RPVJ et RPVA

E-Justice : la saga de e-Barreau racontée par le menu

e-Greffe, l’affaire du boîtier Navista, la succession des réglementations

Mardi 1er février 2011, par Emmanuel Barthe // Ressources en droit des affaires

e-Justice in France : the e-Barreau experience / Marco Velicogna, Antoine Errera, Stéphane Derlange [1], Utrecht Law Review vol.7 n° 1 janvier 2011 [2].

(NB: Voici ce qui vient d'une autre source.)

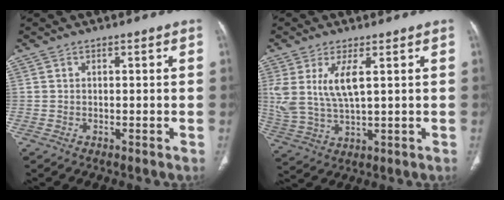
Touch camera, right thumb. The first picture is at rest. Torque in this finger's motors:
{"motor_torque": [-0.04, 0.44, 0.30, 0.64, 0.12]}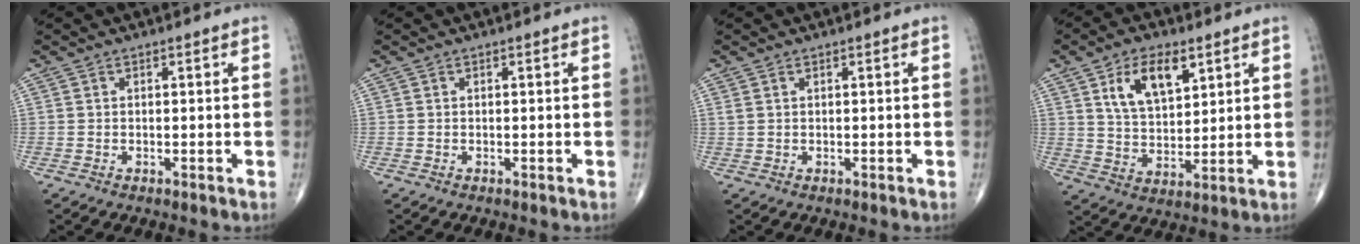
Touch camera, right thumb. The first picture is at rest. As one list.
[{"total": 0.0}, {"total": 0.9, "force": [0.5, 0.4, 0.5], "torque": [-0.012, 0.008, 0.014]}, {"total": 11.0, "force": [5.2, 5.8, 7.7], "torque": [-0.117, -0.022, 0.100]}]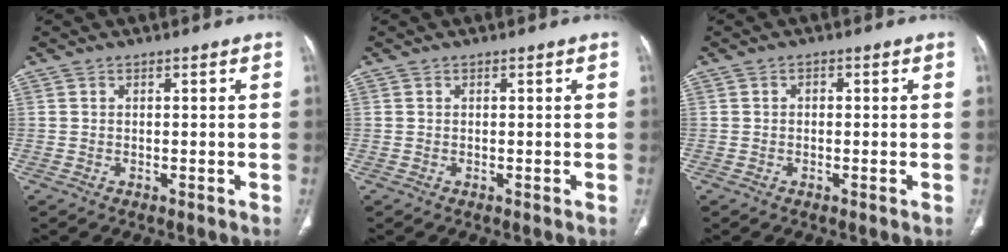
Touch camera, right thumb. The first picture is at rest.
{"total": 0.0}
{"total": 1.0, "force": [0.1, 0.8, 0.6], "torque": [-0.007, 0.005, -0.001]}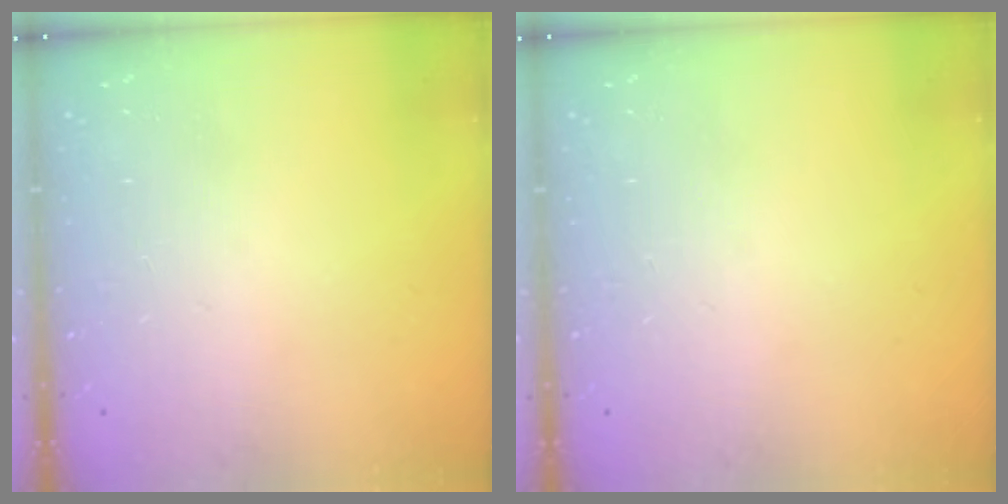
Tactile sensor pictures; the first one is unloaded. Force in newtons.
{"total": 0.0}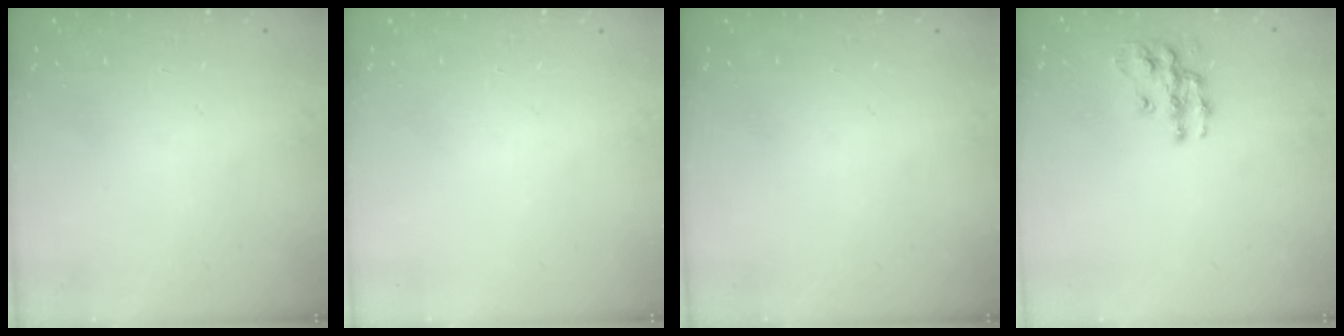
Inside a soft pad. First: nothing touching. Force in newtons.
{"total": 0.0}
{"total": 0.0}
{"total": 10.4, "press": 10.4, "slide": 0.5}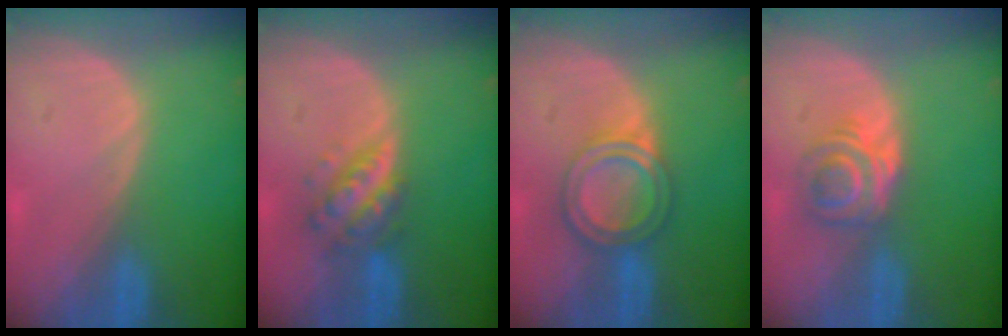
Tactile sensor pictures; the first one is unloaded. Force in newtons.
{"total": 5.7, "press": 5.2, "slide": 2.3}
{"total": 6.2, "press": 5.4, "slide": 3.0}
{"total": 6.1, "press": 5.0, "slide": 3.5}

Tout y est en 24 pages. Comme le dit l’introduction, « cette étude de cas se concentre sur les aspects les plus pertinents du développement, de l’adoption, de la mise en application et de l’utilisation de e-Barreau, en prêtant attention au contexte institutionel, organisationnel, normatif et technologique ». On trouvera donc, en détail :

  • une excellente synthèse sur la Justice française. Avec notamment une rappel du nombre de décisions rendues annuellement [3]
  • les origines de e-Barreau/RPVA, notamment avec e-Greffe [4]
  • la succession des textes officiels et conventions avec les Barreaux pour progressivement permettre puis imposer le passage à la communication électronique entre avocats et juridictions judiciaires
  • l’accélération de l’implémentation du RPVJ (le réseau sécurisé/crypté des juridictions) et de ComCI TGI (l’application des tribunaux de grande instance) et du RPVA (celui des avocats) à partir de 2007
  • la contestation par les Barreaux de Marseille et Paris tant du monopole que de la solution technique (moins pratique) du boîtier Navista imposée par le Conseil national des Barreaux (CNB), leur quasi-approbation par le rapport Hattab, qui considère les solutions parisienne [5] et marseillaise comme à peine moins "sécures" et surtout nettement moins chères [6]. Le rapport d’audit Hattab de juin 2010 sur le RPVA confirme également qu’aucun appel d’offres n’avait été lancé avant que le CNB retienne la solution Navista et laisse entendre que des solutions équivalentes à celle du boîtier Navista existent en standard chez d’autres fournisseurs informatiques. Certaines réponses implicites du CNB à cette contestation sont visibles dans la FAQ e-Barreau. Lire aussi, signalé par Me Jansolin de Marseille, La querelle e-Barreau : vers une mutualisation de l’outil, JCP G 27 septembre 2010, 939, et Le progrès technique de la procédure civile / Hervé Croze, JCP G 28 Janvier 2009, I 108
  • l’arrivée d’un nouveau marché pour les grands éditeurs juridiques, qui commercialisent des logiciels de gestion du contentieux ou du cabinet d’avocats spécifiquement équipés pour travailler avec e-Barreau.

L’article met entre autres le doigt sur un réel problème : actuellement, un document transmis par e-Barreau ne peut pas être signé par une véritable signature électronique (i.e. dotée d’une clé crytographique). Tout simplement parce que les juridictions ne sont pas équipées pour lire et authentifier une signature électronique sécurisée ... Il a donc fallu considérer en droit que le fait pour un avocat de se connecter, plus précisément de se loguer, à e-Barreau, équivaut à une signature authentique. [7]

Emmanuel Barthe
documentaliste juridique

Notes de bas de page

[1Respectivement un chercheur italien du CNR (le CNRS italien) et deux spécialistes du sujet, conseillers au tribunal administratif de Paris.

[2L’Utrecht Law Review est cette excellente revue en libre accès et gratuite de droit international et notamment européen. Nous l’avions signalée dans notre article [Revues juridiques en accès gratuit : une sélection ].

[32,5 millions de décisions civiles et commerciales en 2007, et 1,2 millions de décisions pénales, juste pour les juridictions de première instance.

[5A Paris, l’avocat garde en fait son certificat e-Greffe, soit une clé USB crypée, et n’a pas à installer un boîtier Navista sur le réseau informatique de son cabinet..

[614 euros contre moins de 2 euros pour Paris et Marseille.

[7On peut donc estimer qu’il y a des risques d’erreur et d’"ID theft" dans l’air.